Oh and I read that pumpkin is high in Vit A and too much can cause toxicity problems in dogs, if that's true it just goes to show you "everything in moderation" are words to live by.

Replied by Karen

Just an update about Burly. It has been a few days since the incident and she is on the mend. Her energy levels have increased and she is wagging her tail and moving around on her own accord. By no means is she 100% but I think this condition hit her very hard. She used to eat everything and anything that was edible but now she is very picky and we are having a hard time finding food that she will accept, this too is most likely from the condition and will improve once her stomach settles down.

As EC has stated, gastroenteritis is a term used widely in vet care and I'm sure Burly was attacked by more than just stomach inflammation so if your dog does develop these symptoms it is best, in my opinion, to treat the illnesses as a whole. Helping your dog get the vitamins and minerals they need is important for boosting the immune system( we have added some probiotics to the recipe above to giver her gut flora a boost). We as pet owners seem to take the responsibility of curing our animals into our own hands and its easy to forget that these animals may need our help but it is ultimately up to their own immune systems to fight off invading bugs. This is what I found anyways, my worrying and stressing was caused by my need to control the situation even when I had already done everything I could. After everything that can be done has been done it is good to be reminded that our pets are their own animals and sometimes things are just out of our hands! (and vets hands)

Replied by Theresa
(Mpls., Mn)

Hey Karen!

How old is Burly? And what did the vet prescribe that you were so hesitant to give?

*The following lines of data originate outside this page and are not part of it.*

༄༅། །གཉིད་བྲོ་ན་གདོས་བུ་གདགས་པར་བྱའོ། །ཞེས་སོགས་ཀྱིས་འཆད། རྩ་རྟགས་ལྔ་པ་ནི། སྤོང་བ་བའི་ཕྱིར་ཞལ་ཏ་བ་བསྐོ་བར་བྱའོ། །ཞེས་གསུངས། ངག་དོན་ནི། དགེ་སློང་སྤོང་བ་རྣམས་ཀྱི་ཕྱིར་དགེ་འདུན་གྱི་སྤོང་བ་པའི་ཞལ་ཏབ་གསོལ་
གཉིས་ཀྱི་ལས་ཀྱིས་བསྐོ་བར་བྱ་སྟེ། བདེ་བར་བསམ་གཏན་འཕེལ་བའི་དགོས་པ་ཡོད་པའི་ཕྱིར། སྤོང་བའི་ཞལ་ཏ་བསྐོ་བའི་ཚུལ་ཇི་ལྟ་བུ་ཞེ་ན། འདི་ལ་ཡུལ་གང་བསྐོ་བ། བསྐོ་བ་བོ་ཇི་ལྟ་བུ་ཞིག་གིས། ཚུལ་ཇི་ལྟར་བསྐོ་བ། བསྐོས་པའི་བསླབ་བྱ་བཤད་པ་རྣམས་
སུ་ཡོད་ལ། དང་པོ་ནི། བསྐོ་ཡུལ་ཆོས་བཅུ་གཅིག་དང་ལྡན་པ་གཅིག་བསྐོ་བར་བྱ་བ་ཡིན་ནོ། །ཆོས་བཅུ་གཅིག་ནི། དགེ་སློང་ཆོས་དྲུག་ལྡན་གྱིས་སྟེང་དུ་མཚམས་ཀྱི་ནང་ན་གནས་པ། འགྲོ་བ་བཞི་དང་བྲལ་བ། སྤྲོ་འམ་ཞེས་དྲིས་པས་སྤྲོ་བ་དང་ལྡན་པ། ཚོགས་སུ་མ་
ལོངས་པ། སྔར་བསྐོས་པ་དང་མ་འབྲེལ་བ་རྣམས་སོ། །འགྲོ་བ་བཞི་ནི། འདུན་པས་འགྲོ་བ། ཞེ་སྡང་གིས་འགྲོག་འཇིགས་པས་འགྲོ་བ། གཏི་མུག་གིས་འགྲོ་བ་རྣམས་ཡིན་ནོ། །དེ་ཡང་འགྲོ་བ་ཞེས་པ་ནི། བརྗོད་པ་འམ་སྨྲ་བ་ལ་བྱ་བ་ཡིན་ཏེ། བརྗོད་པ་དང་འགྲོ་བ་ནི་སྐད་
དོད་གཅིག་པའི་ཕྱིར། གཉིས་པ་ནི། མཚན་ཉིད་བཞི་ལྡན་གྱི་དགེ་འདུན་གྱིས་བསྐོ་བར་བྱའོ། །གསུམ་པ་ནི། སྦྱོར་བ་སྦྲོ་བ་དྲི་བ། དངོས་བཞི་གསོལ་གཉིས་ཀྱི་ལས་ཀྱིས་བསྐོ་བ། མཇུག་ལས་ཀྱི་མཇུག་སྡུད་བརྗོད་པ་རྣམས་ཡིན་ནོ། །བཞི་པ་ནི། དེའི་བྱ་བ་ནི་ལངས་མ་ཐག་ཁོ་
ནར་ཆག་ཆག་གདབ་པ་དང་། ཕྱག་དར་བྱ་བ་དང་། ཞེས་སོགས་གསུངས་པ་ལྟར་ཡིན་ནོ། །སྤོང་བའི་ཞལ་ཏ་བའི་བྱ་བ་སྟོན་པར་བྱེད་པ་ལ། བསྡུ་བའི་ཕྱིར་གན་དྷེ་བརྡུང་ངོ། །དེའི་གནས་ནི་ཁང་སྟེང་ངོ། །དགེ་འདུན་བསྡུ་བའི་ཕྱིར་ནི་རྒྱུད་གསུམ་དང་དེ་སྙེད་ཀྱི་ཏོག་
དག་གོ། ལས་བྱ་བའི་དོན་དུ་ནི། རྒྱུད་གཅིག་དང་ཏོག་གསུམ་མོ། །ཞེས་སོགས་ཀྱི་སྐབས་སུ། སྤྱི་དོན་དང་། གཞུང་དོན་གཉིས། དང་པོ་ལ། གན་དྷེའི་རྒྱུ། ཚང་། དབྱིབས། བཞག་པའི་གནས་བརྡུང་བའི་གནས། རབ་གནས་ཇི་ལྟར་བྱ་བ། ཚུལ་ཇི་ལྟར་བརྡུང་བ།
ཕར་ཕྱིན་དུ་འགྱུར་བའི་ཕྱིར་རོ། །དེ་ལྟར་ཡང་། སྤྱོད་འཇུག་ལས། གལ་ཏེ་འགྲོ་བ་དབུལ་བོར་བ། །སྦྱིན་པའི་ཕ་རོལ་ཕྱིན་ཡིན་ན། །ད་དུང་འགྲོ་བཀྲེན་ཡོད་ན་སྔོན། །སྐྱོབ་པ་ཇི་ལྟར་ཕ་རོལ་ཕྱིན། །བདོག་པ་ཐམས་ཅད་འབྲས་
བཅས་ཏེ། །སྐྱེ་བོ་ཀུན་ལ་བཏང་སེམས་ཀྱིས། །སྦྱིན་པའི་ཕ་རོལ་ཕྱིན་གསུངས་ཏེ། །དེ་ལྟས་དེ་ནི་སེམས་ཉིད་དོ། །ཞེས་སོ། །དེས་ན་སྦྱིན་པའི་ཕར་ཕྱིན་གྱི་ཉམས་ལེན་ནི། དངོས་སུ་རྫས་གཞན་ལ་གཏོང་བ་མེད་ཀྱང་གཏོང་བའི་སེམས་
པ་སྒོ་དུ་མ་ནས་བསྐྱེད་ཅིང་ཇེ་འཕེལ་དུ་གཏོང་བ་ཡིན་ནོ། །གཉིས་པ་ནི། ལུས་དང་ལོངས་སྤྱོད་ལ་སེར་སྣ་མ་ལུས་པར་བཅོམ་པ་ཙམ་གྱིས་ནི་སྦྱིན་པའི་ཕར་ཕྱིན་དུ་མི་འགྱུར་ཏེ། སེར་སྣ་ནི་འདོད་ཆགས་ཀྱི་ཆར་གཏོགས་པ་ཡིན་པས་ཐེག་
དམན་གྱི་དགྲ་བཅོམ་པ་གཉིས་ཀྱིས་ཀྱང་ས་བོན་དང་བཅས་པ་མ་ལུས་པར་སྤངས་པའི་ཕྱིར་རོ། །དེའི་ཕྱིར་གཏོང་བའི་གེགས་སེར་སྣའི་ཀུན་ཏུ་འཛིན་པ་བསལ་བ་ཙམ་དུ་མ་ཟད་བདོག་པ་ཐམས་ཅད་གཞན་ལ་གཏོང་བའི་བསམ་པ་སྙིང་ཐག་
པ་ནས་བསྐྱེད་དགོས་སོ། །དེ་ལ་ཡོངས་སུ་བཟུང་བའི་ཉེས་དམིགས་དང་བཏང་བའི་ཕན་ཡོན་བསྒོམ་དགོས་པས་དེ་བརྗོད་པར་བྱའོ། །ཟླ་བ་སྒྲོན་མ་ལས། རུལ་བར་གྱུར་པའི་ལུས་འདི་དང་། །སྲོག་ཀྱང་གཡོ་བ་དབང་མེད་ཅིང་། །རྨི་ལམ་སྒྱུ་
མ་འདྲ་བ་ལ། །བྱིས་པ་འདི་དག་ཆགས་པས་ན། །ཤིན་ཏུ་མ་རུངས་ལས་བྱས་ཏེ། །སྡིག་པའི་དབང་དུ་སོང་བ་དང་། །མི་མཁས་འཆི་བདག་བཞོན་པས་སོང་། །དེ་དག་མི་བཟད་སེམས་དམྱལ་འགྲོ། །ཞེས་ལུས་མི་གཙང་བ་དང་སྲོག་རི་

I had a dog have similar problems and it was giardia and the drug was Flagyl; it took a week to treat. Normally giardia responds very quickly to flagyl so this was very strange, so must have been an individual thing.

Replied by Karen

Burly is 4 years old. They prescribed her with Apo-Metronidazole and I have no idea if it worked or not, she will not eat but a few bites of random food. We have tried liver, chicken, turkey, even shrimp and she rarely eats more than a few ounces. We are still pretty worried for her, she is very weak today and cannot support her own weight but she is still drinking, peeing with no blood and her bm's are a little runny but normal. It is so frustrating to have no where eles to turn, we just don't know what more to do for her at this point, we honestly thought she wouldn't make it today but we are trying to be positive.

Replied by Theresa
(Mpls., Mn)

Hey Karen!

I'm sorry to hear that Burly isn't bouncing back :(

The drug prescribed - Apometronidazole/Flagyl - sounds right on; the lack of recovery does not. Flagyl *can* in some cases take a week /10 days to work and for those stubborn cases it means stuffing the pill down a reluctant dog's throat.

An xray or ultrasound might provide some answers and show if an organ is enlarged or if there is an abnormal mass or malignancy. If further vet work is out of the question, you might try giving her Essiac tea [cancer fighting], and liquid or paste nutritional supplements ie 'Nutrical'.

Sending healing prayers for a recovery for Burly!

Replied by Karen
(Alberta, CA)

Thank you for your suggestions, I am going to try them. We appreciate your prayers, it is so nice to have some positivity since lately everyone around us has been suggesting putting her down. Thank you again!

Replied by Tyree

Do you think the pumpkin would have cured your dog without seeing the vet? I broke my leg in a really bad car accident. My pup keeps me company and I don't want to lose her.